Right on! Now we are moving into some hardcore statistics 
And here I learned a thing. I was not familiar with that interpretation of the correlation coefficient. For me, the correlation coefficient is the standardized covariance between two variables. I am old school, I suppose 
. I will try to present my case in vector lingo:
Correct me if I am wrong, but if the correlation coefficient is the cosinus of the angle between two vectors (in radians) then in my book 0 degrees would indicate perfect correlation (rho = 1) and 180 degrees would indicate a perfect negative correlation (rho = -1), whereas uncorrelated vectors would make a 90 degrees (0.5 * pi) angle.
Here is an extreme example. Suppose that the only two tracks in the whole world are Starship’s “We Built This City” and The Village People’s “YMCA”. Suppose that I listened to the first but not to the second. My vector would be (1,0). Now if you would have listened to “YMCA”, but not “We Built This City”, then your vector would be (0,1). These vectors point in opposite directions (ETA: see bottom page), hence the angle they are making is 180 degrees. Our listening histories are perfectly opposite: you listen to the stuff I never heard and vice versa.
To get an uncorrelated data set, we require a certain overlap in listening histories e.g. (1,1,0,0) and (1,0,1,0) where I have listened to one track you did as well, but also listened to a track you did not. These vectors are at a right angle, I believe.
Yes, sorta. It means that one user listens to the tracks that the other does not listen to, like in the extreme example above. Hence, a negative correlation would result from the situation where the majority of listens are not shared between two users. My gut feeling is that this would be extremely common if only tracks are included that at least one user has listened to. Conversely, if you include ALL tracks in the database in your analysis, then this should result in a huge number of shared points in the origin that neither user has listened to, forcing a positive correlation. ETA: Rubbish, scratch that.

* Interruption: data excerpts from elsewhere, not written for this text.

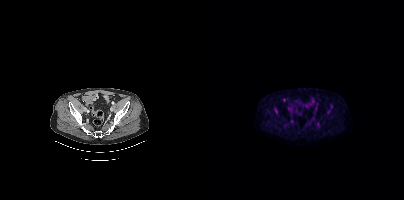
{"pet_grid":[200,200],"coord_frame":"pet_panel","coord_format":"x0,y0,x1,y1","partial":true,"lesion_bboxes":[],"modality":"PSMA PET/CT","view":"axial","tracer":"18F"}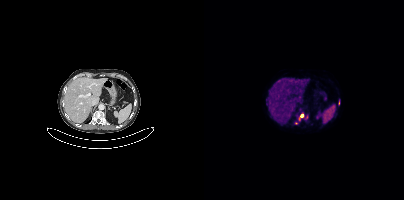
Coordinates are on the 200×200 PET (right) panel. PSMA-avid tumor lesion bounding box (x0,y0,x1,y1): [97,113,103,119]. Small PSMA-avid foci (2 to 4 px across) near (center x, center y): (134, 102) (95, 119) (92, 123).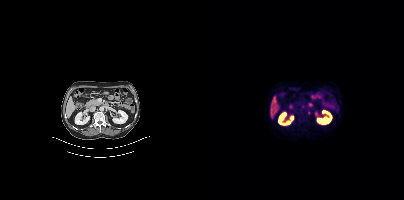
{"modality":"PSMA PET/CT","view":"axial","tracer":"[18F]PSMA-1007","pet_grid":[200,200],"coord_frame":"pet_panel","coord_format":"x0,y0,x1,y1","psma_avid_lesions":false}
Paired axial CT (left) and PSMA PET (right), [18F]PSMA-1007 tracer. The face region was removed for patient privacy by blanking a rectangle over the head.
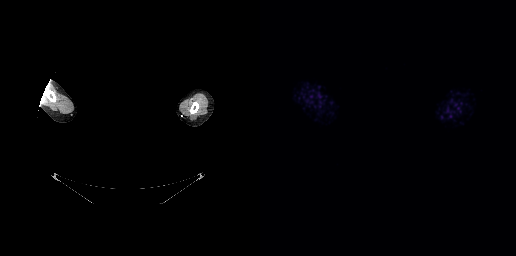
Negative for PSMA-avid disease on this slice.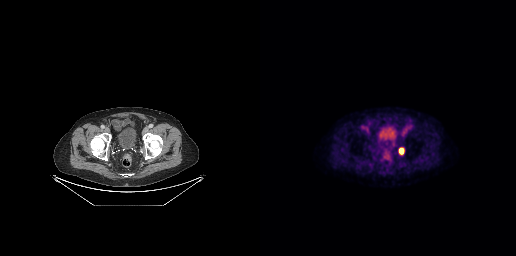
Left: CT. Right: PSMA PET, same axial level, [18F]PSMA-1007 tracer. Acquired on GE Discovery 690. Coordinates are on the 256×256 PET (right) panel. PSMA-avid tumor lesion bounding box (x, y, width, height): x=139 y=148 w=5 h=6.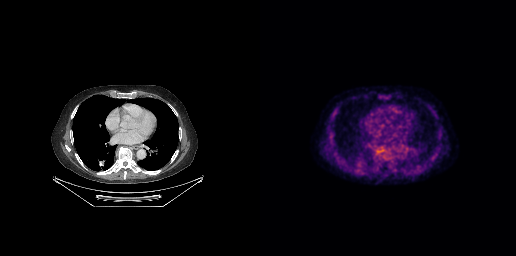
No PSMA-avid tumor lesions on this slice. Paired axial CT (left) and PSMA PET (right), [18F]PSMA-1007 tracer. Acquired on GE Discovery 690. Slice 280 of 371.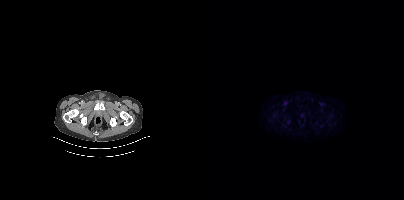
Findings: No tumor lesions annotated on this slice.
- Paired axial CT (left) and PSMA PET (right), [18F]PSMA-1007 tracer
- slice 68 of 435
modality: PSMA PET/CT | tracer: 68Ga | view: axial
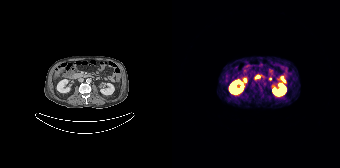
No PSMA-avid tumor lesions on this slice.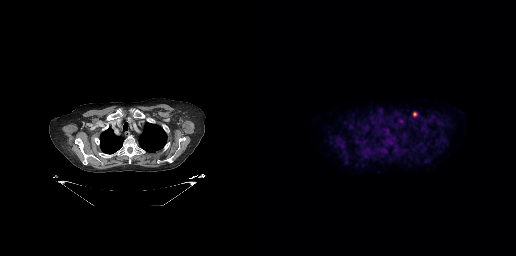
Coordinates are on the 256×256 PET (right) panel. PSMA-avid tumor lesion bounding box (x0,y0,x1,y1): [153,112,157,116].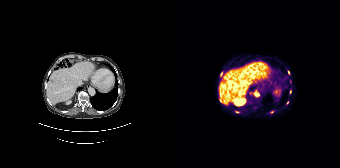
{"modality":"PSMA PET/CT","view":"axial","tracer":"[68Ga]Ga-PSMA-11","pet_grid":[168,168],"coord_frame":"pet_panel","coord_format":"x0,y0,x1,y1","lesion_bboxes":[[77,90,87,96],[48,72,50,76]],"small_foci_centers":[[48,100],[99,112],[118,81],[65,111],[116,72],[118,92],[115,102]]}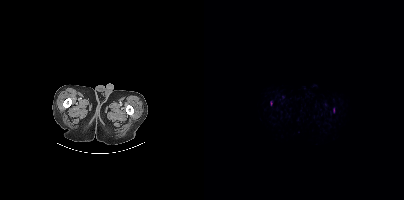
Coordinates are on the 200×200 PET (right) panel. Small PSMA-avid foci (2 to 4 px across) near (center x, center y): (129, 110) / (67, 104).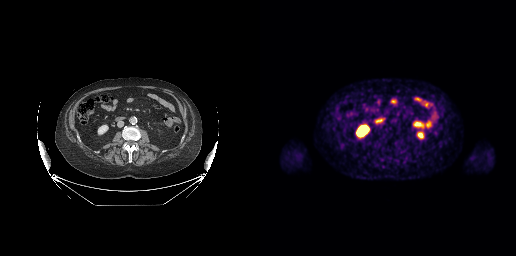
Paired axial CT (left) and PSMA PET (right), [18F]PSMA-1007 tracer. Acquired on GE Discovery 690. PET panel 256×256 px (2.7 mm/px). Negative for PSMA-avid disease on this slice.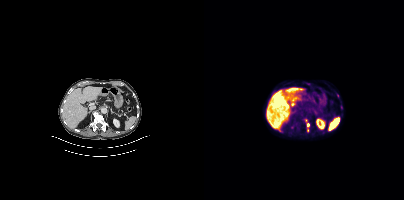
Coordinates are on the 200×200 PET (right) panel. (showing 1 of 3 foci) Small PSMA-avid focus (2 to 4 px across) near (center x, center y): (104, 124).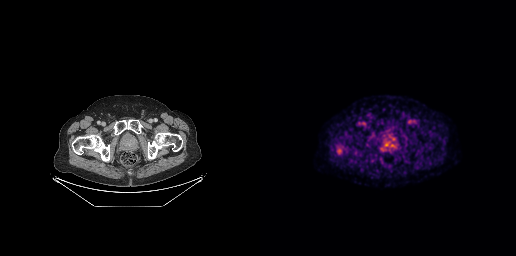
Coordinates are on the 256×256 PET (right) panel. PSMA-avid tumor lesion bounding box (x, y, width, height): x=77 y=147 w=6 h=8.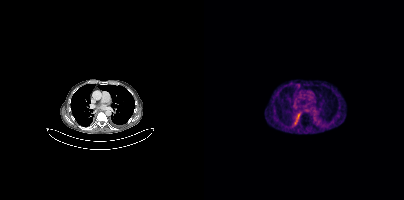
Left: CT. Right: PSMA PET, same axial level, 68Ga tracer. Slice 282 of 413.
Coordinates are on the 200×200 PET (right) panel. PSMA-avid tumor lesion bounding boxes:
| # | x0 | y0 | x1 | y1 |
|---|---|---|---|---|
| 1 | 101 | 108 | 105 | 112 |
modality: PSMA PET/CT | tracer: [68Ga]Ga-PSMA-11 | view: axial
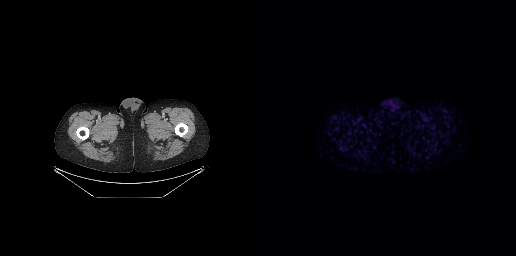
Negative for PSMA-avid disease on this slice.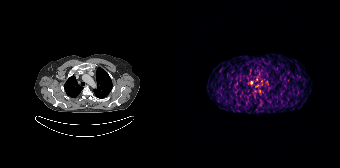
{"pet_grid":[168,168],"coord_frame":"pet_panel","coord_format":"x0,y0,x1,y1","lesion_bboxes":[],"small_foci_centers":[[79,82]],"modality":"PSMA PET/CT","view":"axial","tracer":"68Ga-PSMA"}

Now, linear algebra is outside of my comfort zone and of course I do not know exactly what calculations you perform, so I could be wrong. But this is my understanding so far. Also, I am really wondering how many statistics nerds are lurking in this forum and whether they will weigh in .
ETA: or rather: the vectors of deviations from the mean run in opposite directions: (0.5, -0.5) and (-0.5, 0.5). Sorry for the mess.
From what I understand it isn’t about the direction of the vectors, but the angle between them and nothing else. But I am not an expert in these matters.
I’m certainly open for other interpretations of this – if you have a concrete method by which you suggest scaling/offsetting the resultant cosine value, please suggest it. If it isn’t complex, I’ll try to implement it and we’ll compare the results.